▸ Data provided
# # #
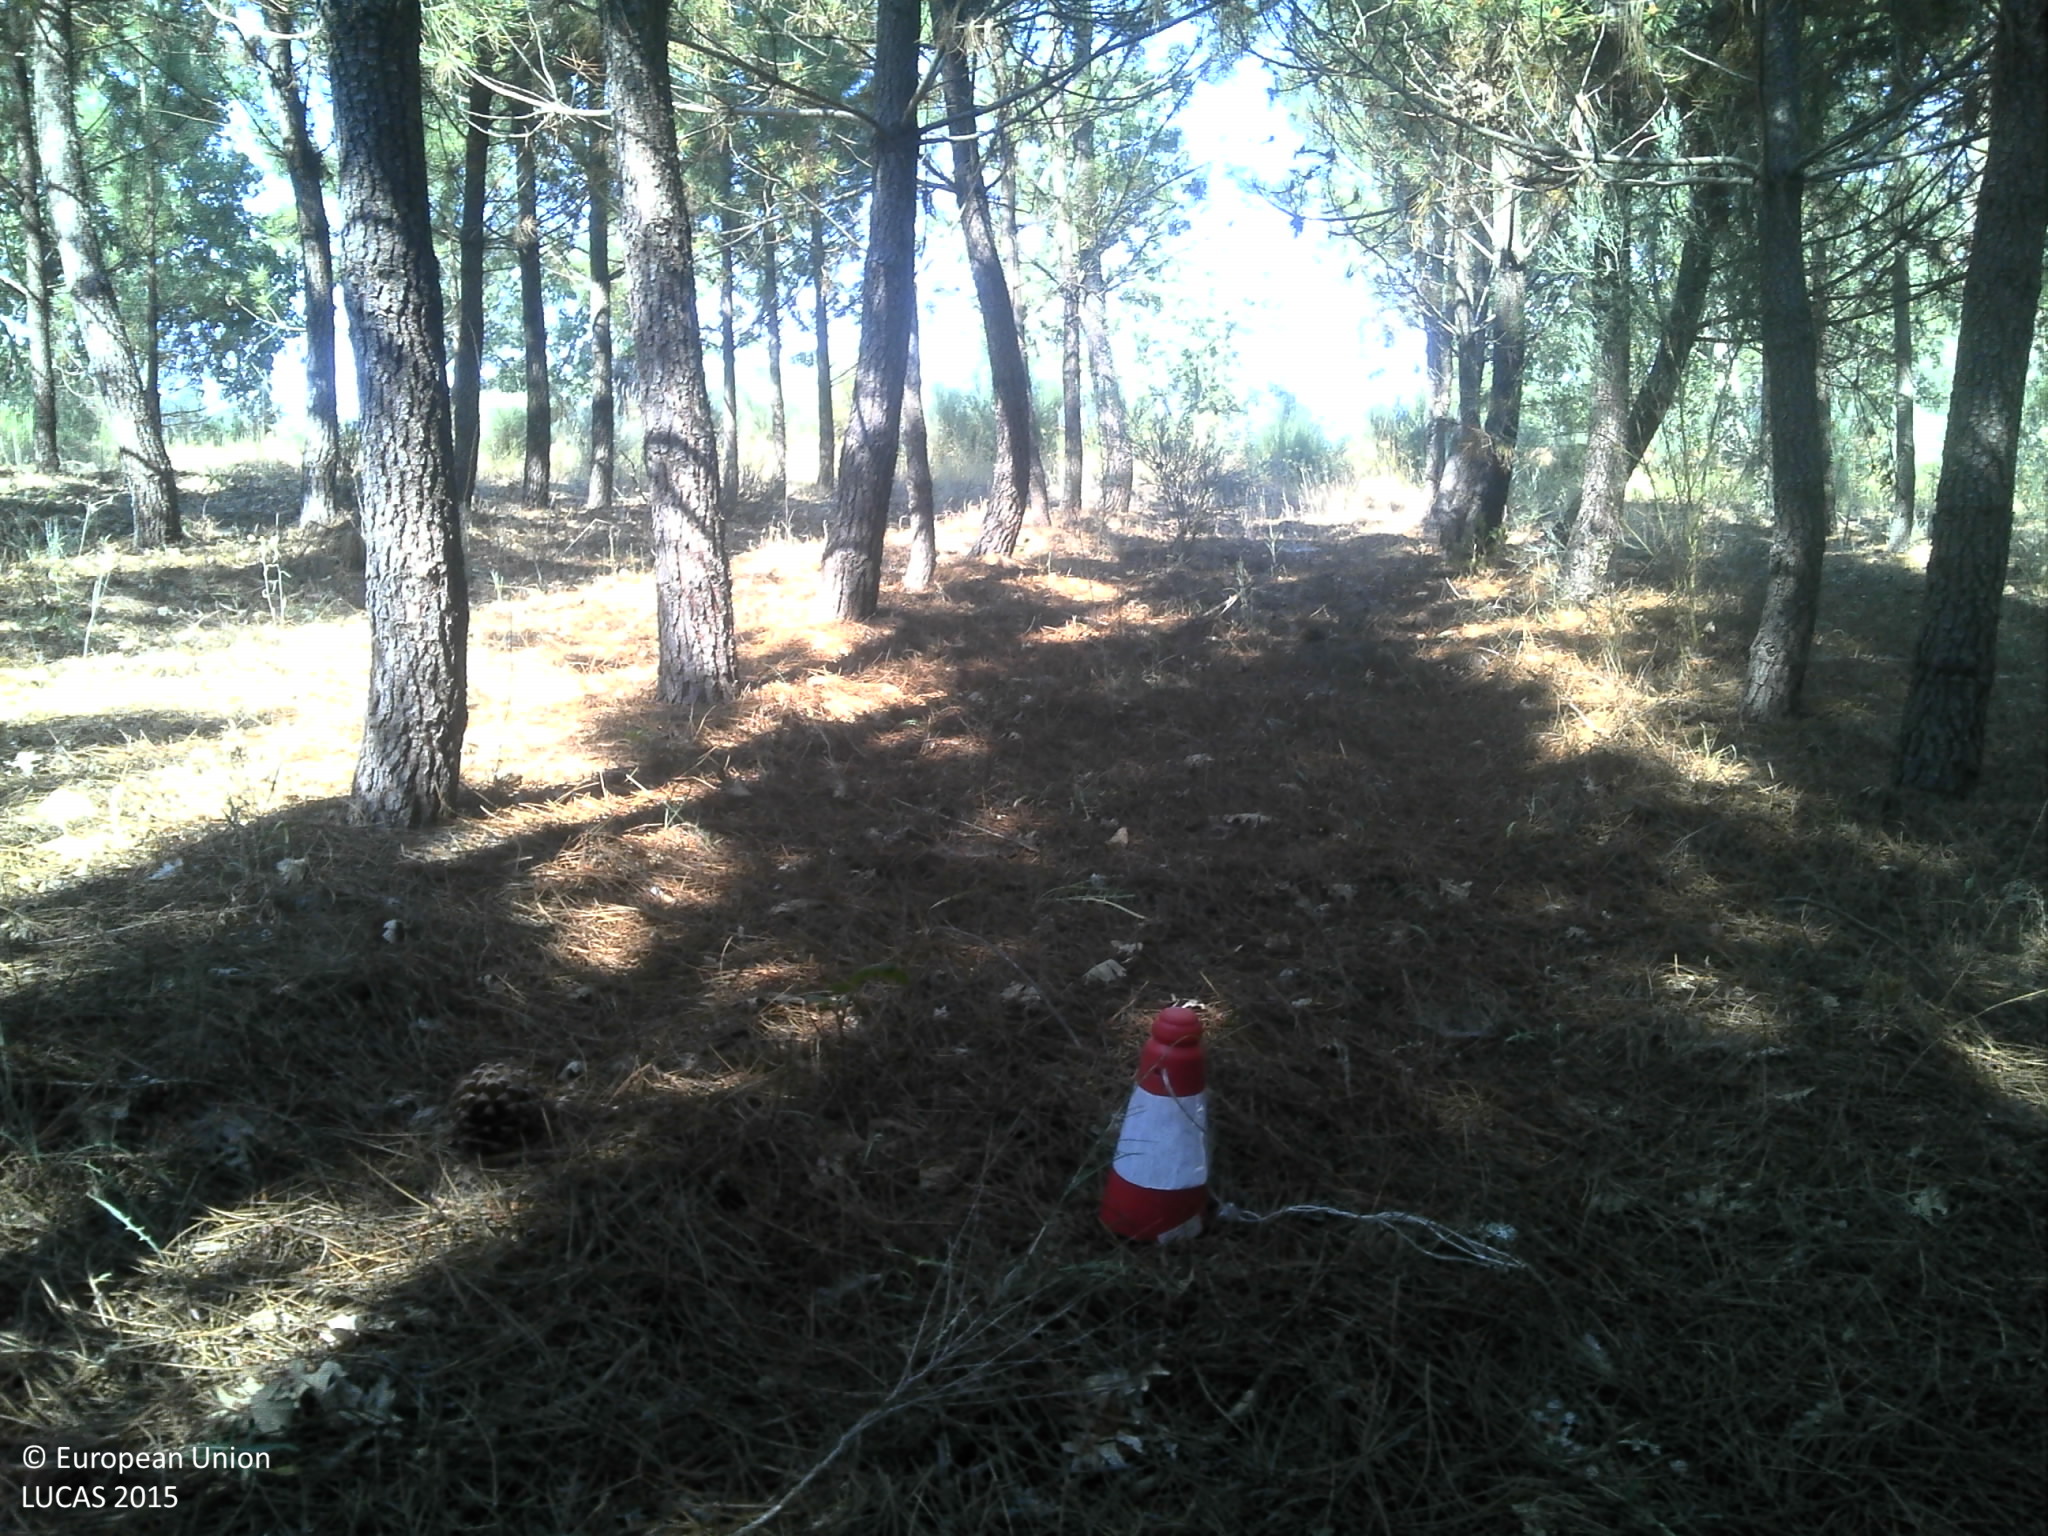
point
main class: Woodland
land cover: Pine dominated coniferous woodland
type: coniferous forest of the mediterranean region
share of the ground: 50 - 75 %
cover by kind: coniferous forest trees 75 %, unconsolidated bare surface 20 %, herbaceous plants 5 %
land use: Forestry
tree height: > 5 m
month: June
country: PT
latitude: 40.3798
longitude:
# # #
Exclude the pictures and reproduce every entry exactly.

▸ Reply
point
main class: Woodland
land cover: Pine dominated coniferous woodland
type: coniferous forest of the mediterranean region
share of the ground: 50 - 75 %
cover by kind: coniferous forest trees 75 %, unconsolidated bare surface 20 %, herbaceous plants 5 %
land use: Forestry
tree height: > 5 m
month: June
country: PT
latitude: 40.3798
longitude:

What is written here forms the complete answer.